US 11,741,668 B2
	Template based generation of 3D object meshes from 2D images
Ramsey Jones, Seattle, WA (US); Jared Lafer, Los Angeles, CA (US); and Rebecca Kantar, Truro, MA (US)
Assigned to Roblox Corporation, San Mateo, CA (US)
Filed by Roblox Corporation, San Mateo, CA (US)
Filed on Apr. 23, 2021, as Appl. No. 17/239,380.
Claims priority of provisional application 63/015,391, filed on Apr. 24, 2020.
Prior Publication US 2021/0335039 A1, Oct. 28, 2021
Int. Cl. G06T 17/20 (2006.01); G06T 13/20 (2011.01); G06N 20/00 (2019.01)

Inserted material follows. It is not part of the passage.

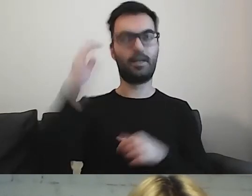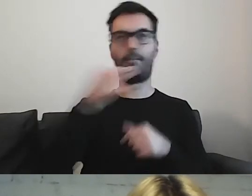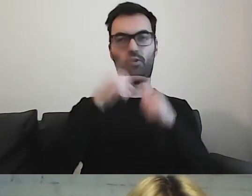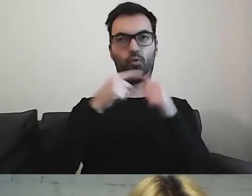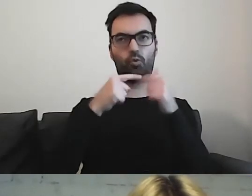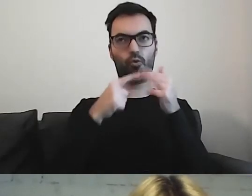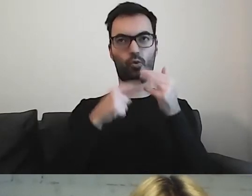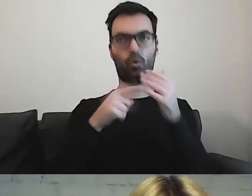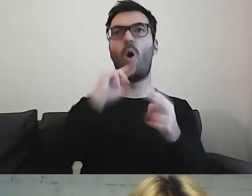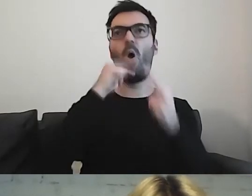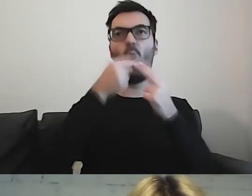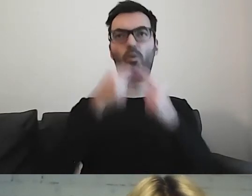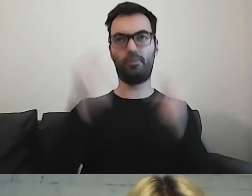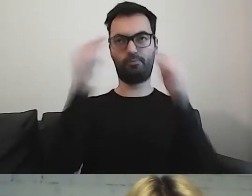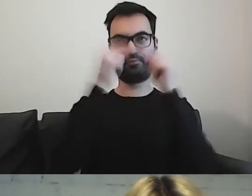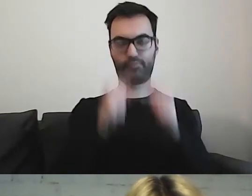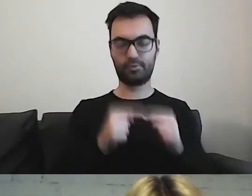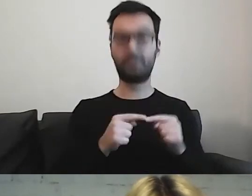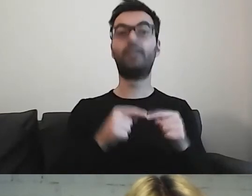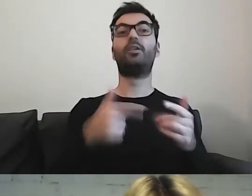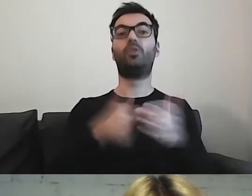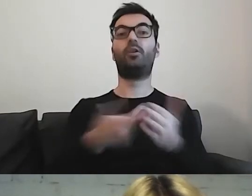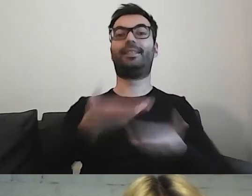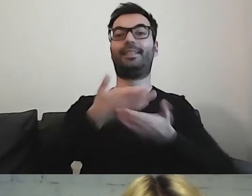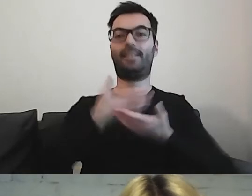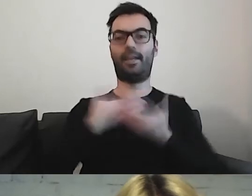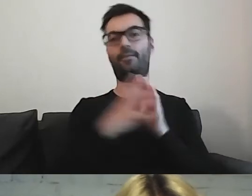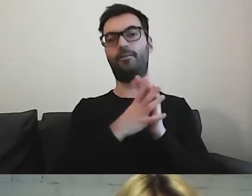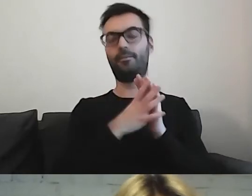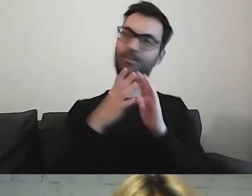To stworzy nam ramy i filtr informacji,
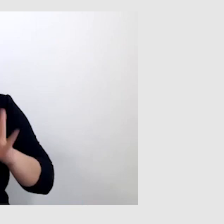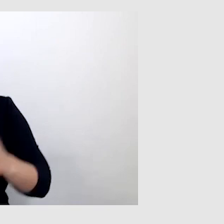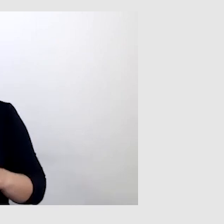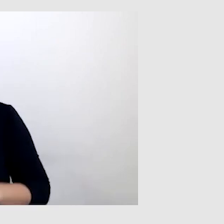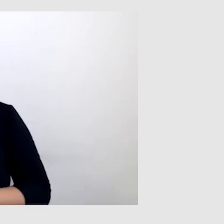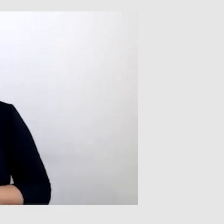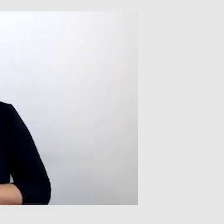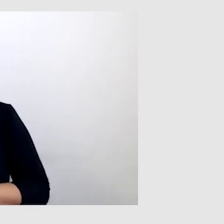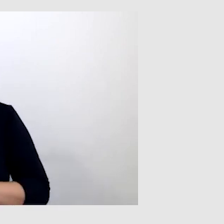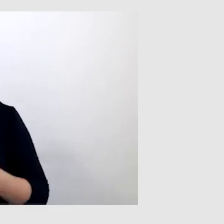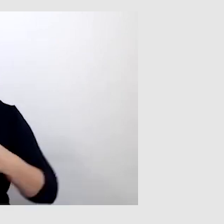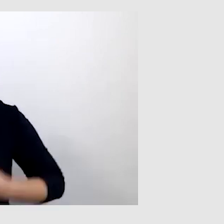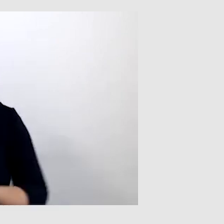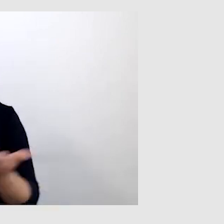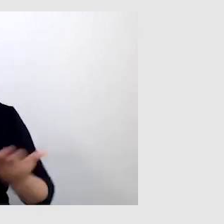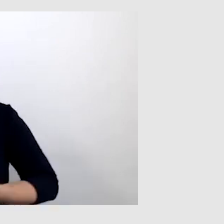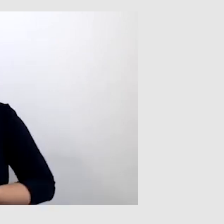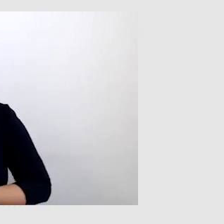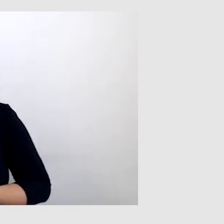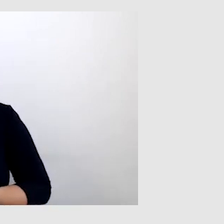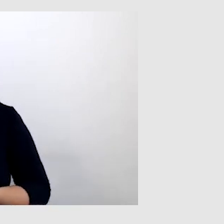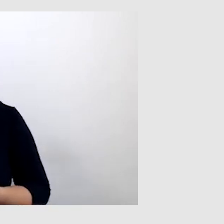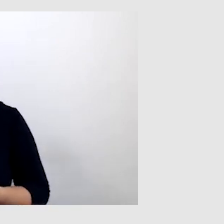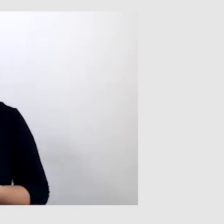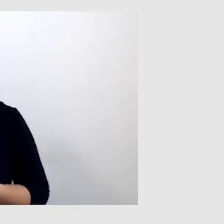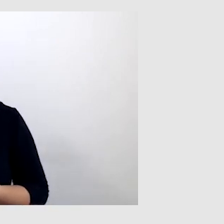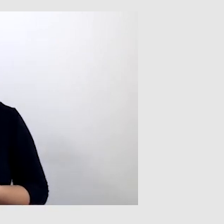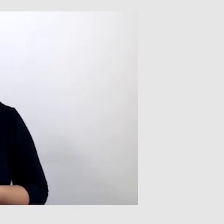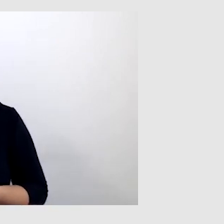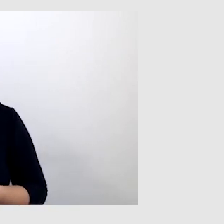Jak państwo widzą, jestem w stanie komunikować się.

CPC G06T 17/20 (2013.01) [G06N 20/00 (2019.01); G06T 13/20 (2013.01)]

17 Claims

1. A computer-implemented method to generate a 3D mesh for an object using a trained machine learning model, the method comprising:

providing a two-dimensional (2D) image of the object as input to the trained machine learning model, wherein the object is associated with a particular category;

determining the particular category of the object based on the 2D image, wherein determining the particular category of the object based on the 2D image comprises:

determining particular portions of the object by performing semantic segmentation of the 2D image based on a set of predetermined descriptors, wherein a number of output classes for the semantic segmentation matches a number of predetermined descriptors in the set; and

determining the particular category of the object based on the determined particular portions of the object;

obtaining a template three-dimensional (3D) mesh associated with the particular category;

generating, using the trained machine learning model and based on the 2D image and the template 3D mesh, a 3D mesh for the object, wherein the 3D mesh for the object is generated by deforming the template 3D mesh by the trained machine learning model, and wherein the 3D mesh for the object is usable to map a texture to the object or to generate a 3D animation of the object; and

processing, using a bidimensional (UV) regressor, the 2D image and the 3D mesh of the object to generate a mapping from vertices of the 3D mesh of the object to the 2D image, wherein the mapping is used to apply the texture to the 3D mesh of the object, and wherein processing the 2D image and the 3D mesh of the object to generate the mapping comprises:

determining a descriptor loss for each side of the 3D mesh of the object;

determining a particular side of the 3D mesh of the object that is associated with the smallest descriptor loss of the determined descriptor losses; and

utilizing the particular side of the 3D mesh of the object that is associated with the smallest descriptor loss as a basis for a UV map for the 3D mesh of the object.